Then $\;\displaystyle J''(\alpha)=-\int_{0}^{1}\frac{x^2\;\sin \alpha x}{1+x^2}dx\;$ and we obtain this ODE : $$J(\alpha)-J''(\alpha)=\frac {1-\cos(\alpha)}{\alpha}$$ The solution of the homogeneous ODE is simply $\;J(x)=ae^x+be^{-x}$.

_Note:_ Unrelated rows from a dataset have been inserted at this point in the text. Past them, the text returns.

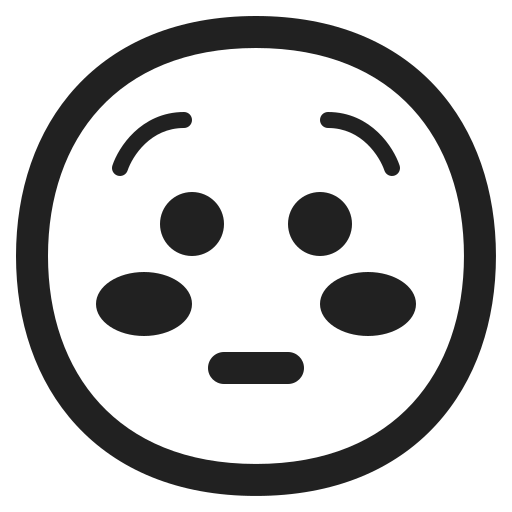
flushed face high contrast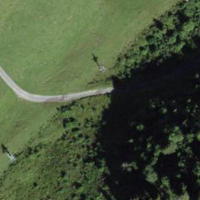
EUNIS habitat code: 44
Species observed at this site:
Saxifraga rotundifolia
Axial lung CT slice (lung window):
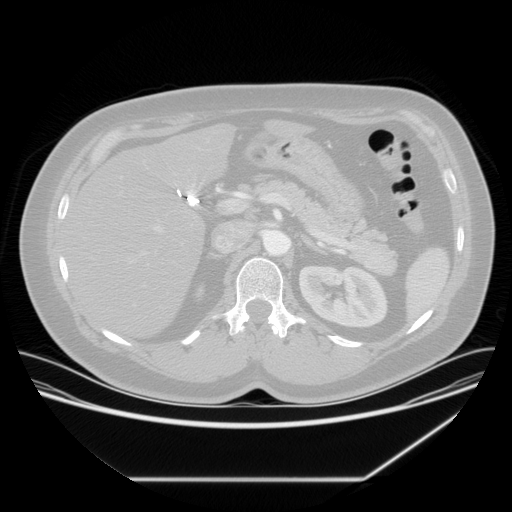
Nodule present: no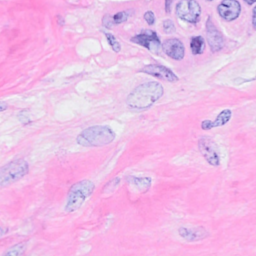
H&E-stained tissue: Breast

Let's use variation of constant and start with $J(x)=a(x)e^x$ then : \begin{align} J(x)&=a(x)e^x\\ J'(x)&=(a'(x)+a(x))e^x\\ J''(x)&=(a''(x)+2a'(x)+a(x))e^x\\ J(x)-J''(x)&=-(a''(x)+2a'(x))e^x=\frac {1-\cos(x)}{x}\\ \end{align} For $b(x):=-a'(x)\,$ we have

\begin{align} b'(x)+2b(x)&=\frac {1-\cos(x)}{x}e^{-x}\\ \end{align}

For $b(x):=c(x)e^{-2x}\,$ this becomes for $\operatorname{Ei}$ the exponential integral :

\begin{align} c'(x)&=\frac {1-\cos(x)}{x}e^{x}\\ c(x)&=\int\frac {e^{x}}x\,dx-\int\frac {e^{x+ix}+e^{x-ix}}{2\,x}\,dx\\ c(x)&=C+\operatorname{Ei}(x)-\frac 12\operatorname{Ei}((1+i)x)-\frac 12\operatorname{Ei}((1-i)x)\\ \end{align}

Coming back to $a(x)$ :

\begin{align} a'(x)&=-\left(C+\operatorname{Ei}(x)-\frac 12\operatorname{Ei}((1+i)x)-\frac 12\operatorname{Ei}((1-i)x)\right)e^{-2\,x}\\ \end{align}

Now $\ \displaystyle \int \operatorname{Ei}(u\,x)e^{-vx}\,dx=\frac 1v\left(\operatorname{Ei}((u-v)x)-e^{-vx}\operatorname{Ei}(u x)\right)\;$ from Wolfram functions so that for $\,v=2$ and $u=1,1+i,1-i$ : $$a(x)=D-\frac 12\left(C_1\,e^{-2x}+\operatorname{Ei}(-x)-e^{-2x}\operatorname{Ei}(x)\\-\frac 12\left(\operatorname{Ei}((-1+i)x)-e^{-2x}\operatorname{Ei}((1+i)x)+\operatorname{Ei}((-1-i)x)-e^{-2x}\operatorname{Ei}((1-i)x)\right)\right)$$

Multiplying by $e^x$ we get the general formula for $J(x)$ : $$J(x)=De^x+D_1\,e^{-x}-\frac {e^x\operatorname{Ei}(-x)-e^{-x}\operatorname{Ei}(x)}2\\+\frac {e^x\operatorname{Ei}((-1+i)x)-e^{- x}\operatorname{Ei}((1+i)x)+e^x\operatorname{Ei}((-1-i)x)-e^{-x}\operatorname{Ei}((1-i)x)}4$$ (of course getting this with alpha is faster!)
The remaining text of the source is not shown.